Here it comes the hard part
import numpy as np
import matplotlib.pyplot as plt
import scipy as sp
import pymc3 as pm
import theano
import theano.tensor as tt
from theano.compile.ops import as_op
def x(t, p):
m, h, px0, py0, g = p
return [px0*t/m, -0.5*g*t**2+py0*t/m+h]
def y(tt0, p):
m, h, px0, py0, g, a = p
t_span = [0, 1] # the whole range for integration
x0 = [0, px0/m, h, py0/m] # the initial condition
def f(t, x): return [x[1], -a/m*x[1], x[3], -g-a/m*x[3]] # the drift
def event(t, x): return x[2]+10 # solve until event(t, x)=0 is verified
event.terminal = True # the event is terminal
evaluation_times = np.array([tt0]) # times to be stored
integration_method = 'RK45' # which method 'RK45', 'RK23', 'Radau', 'BDF', 'LSODA'
solution = sp.integrate.solve_ivp(f, t_span, x0, method = integration_method, # solve the ODE
t_eval=evaluation_times, events=event, atol=1e-3)
return [solution.y[0,0], solution.y[2,0]]
# physical parameters
m, h = 0.1, 1. # mass and starting height
px0, py0 = m*1., m*1. # initial momentum
g = 9.8 # gravity
a = 0.1 # drag coefficient
# number of random samples
n = 1000
P = [m, h, px0, py0, g]
PY = [m, h, px0, py0, g, a]
traj = np.array([x(t, P) for t in np.arange(0,1*(1+1e-12),0.01)])
trajy = np.array([y(t, PY) for t in np.arange(0,1*(1+1e-12),0.01)])
t0 = 0.2;
sigmat = 1e-3; T = np.random.normal(t0,sigmat,n);
sxx = np.array([[0.005**2,0],[0,0.005**2]])
np.random.seed(0)
X = np.random.multivariate_normal(np.array([0,0]), sxx, size=n)
X += np.array([x(t, P) for t in T])
np.random.seed(0)
Y = np.random.multivariate_normal(np.array([0,0]), sxx, size=n)
Y += np.array([y(t, PY) for t in T])
plt.plot(traj[:,0], traj[:,1], color='red')
plt.plot(trajy[:,0], trajy[:,1], color='blue')

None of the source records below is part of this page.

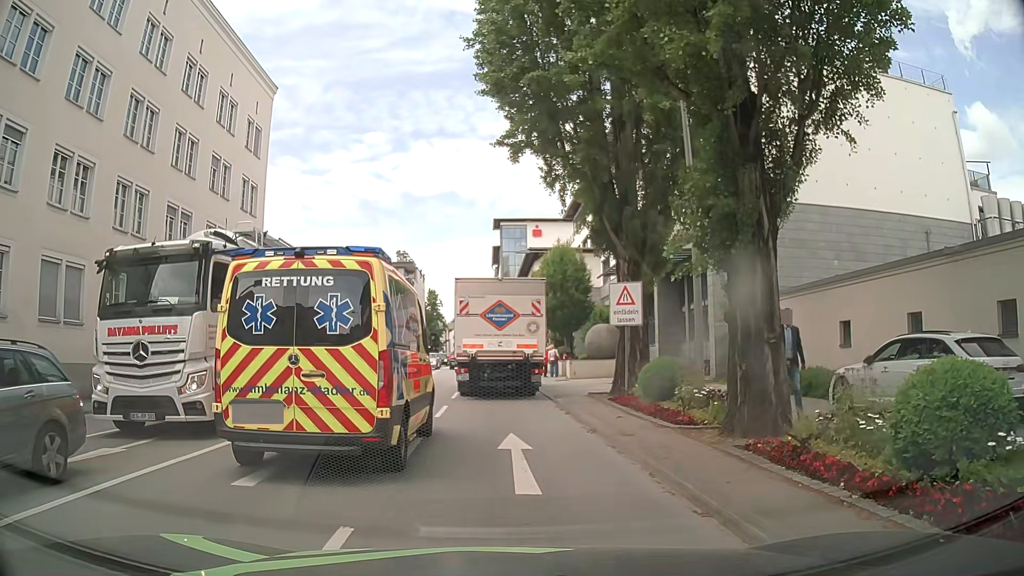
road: primary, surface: asphalt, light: Day
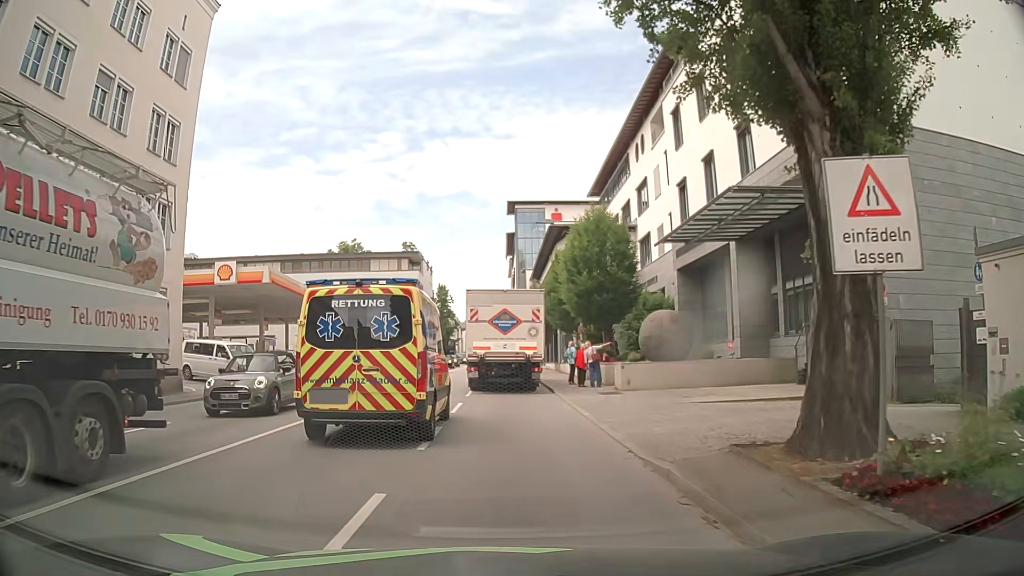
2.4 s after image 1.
(+0.1, +11.1) m; +1°
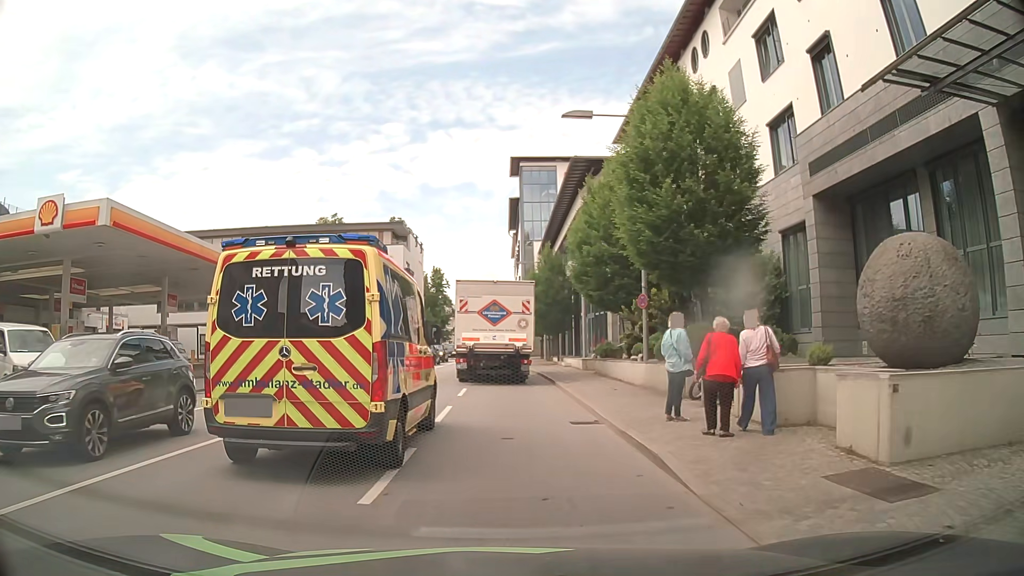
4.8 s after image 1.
(-0.2, +15.8) m; -1°
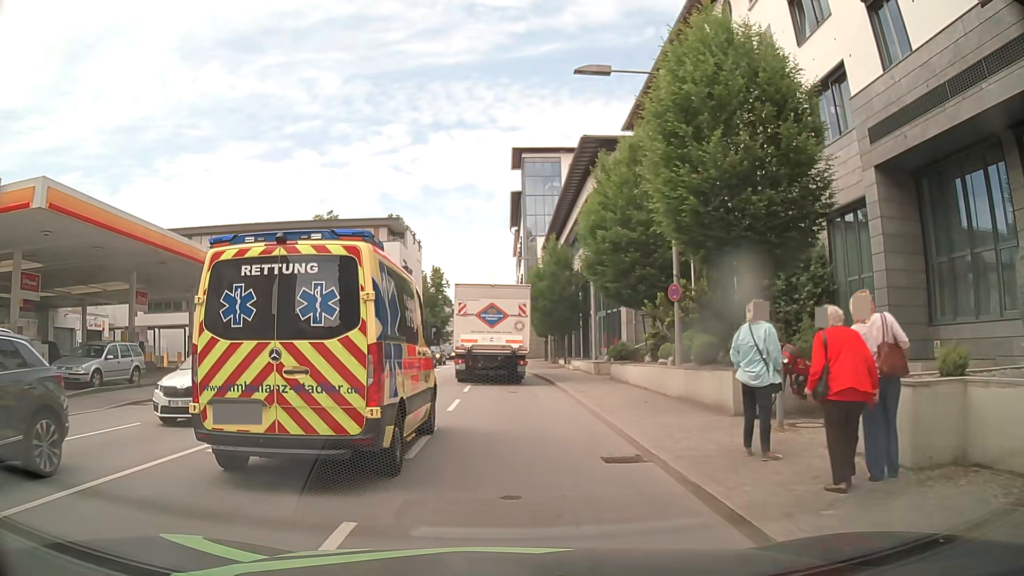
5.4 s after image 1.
(0.0, +3.6) m; 0°
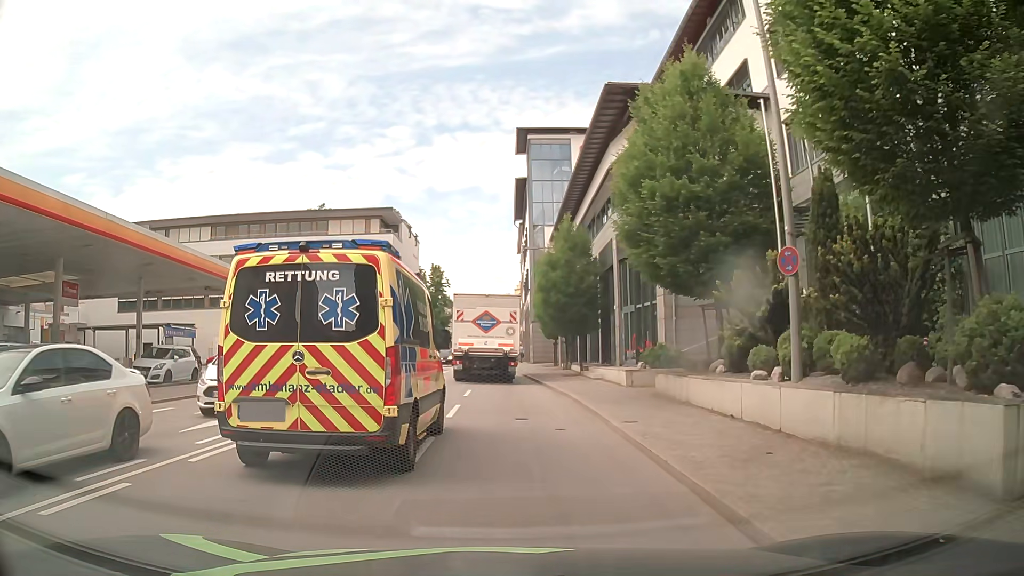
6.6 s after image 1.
(-0.1, +6.7) m; -1°
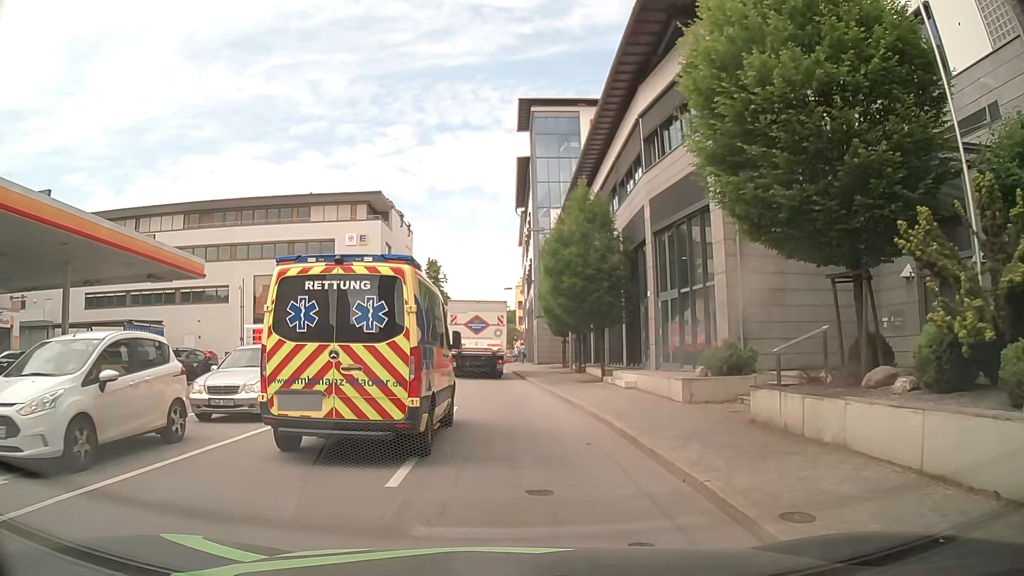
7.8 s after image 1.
(0.0, +6.8) m; 0°
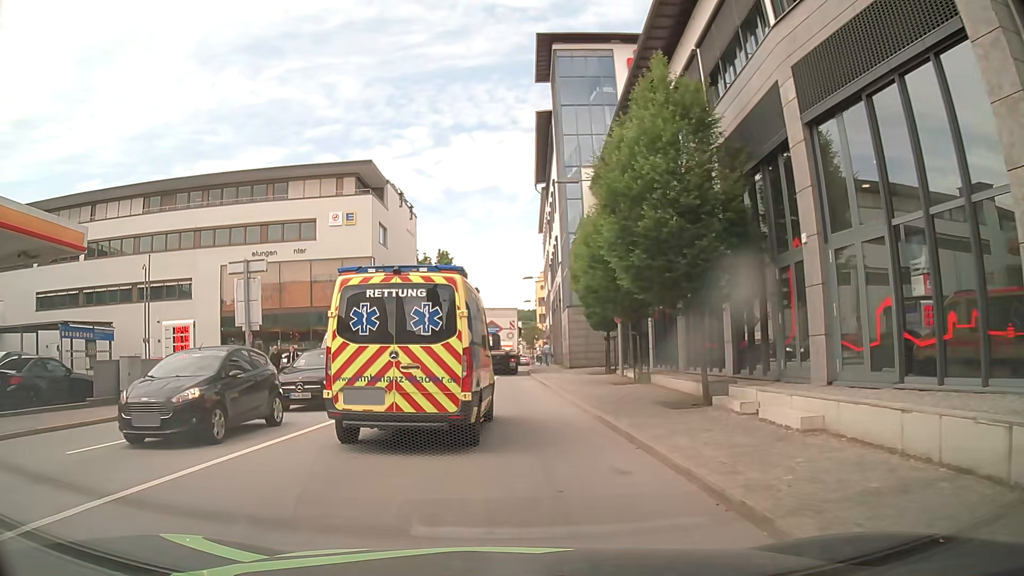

plt.scatter(X[:,0], X[:,1], color='red')
plt.scatter(Y[:,0], Y[:,1], color='blue')
plt.xlim([0, 1.1])
plt.ylim([0, 1.1])
plt.show()
the function y(t,p)
works well for determining the trajectory and a cloud of points. However when I used in a pymc model, such as
with pm.Model() as model:
G = pm.Uniform('G', lower=5., upper=15.)
MU = tt.stack(x(T, [m, h, px0, py0, G])).T
# MU = tt.stack(y(T, [m, h, px0, py0, G, a])).T # <-- HERE IS THE PROBLEM
Q = pm.MvNormal('Q', mu=MU, cov=sxx, observed=X)
trace = pm.sample(1000, chains=4, tune=1000)
it seems that it does not work the same way as x(t,p)
does. I think that the problem is that actually when called within pymc3 the input time is a vector (and g too!). I’ve tried to modify the function to consider the input (t=T) as a vector but without success.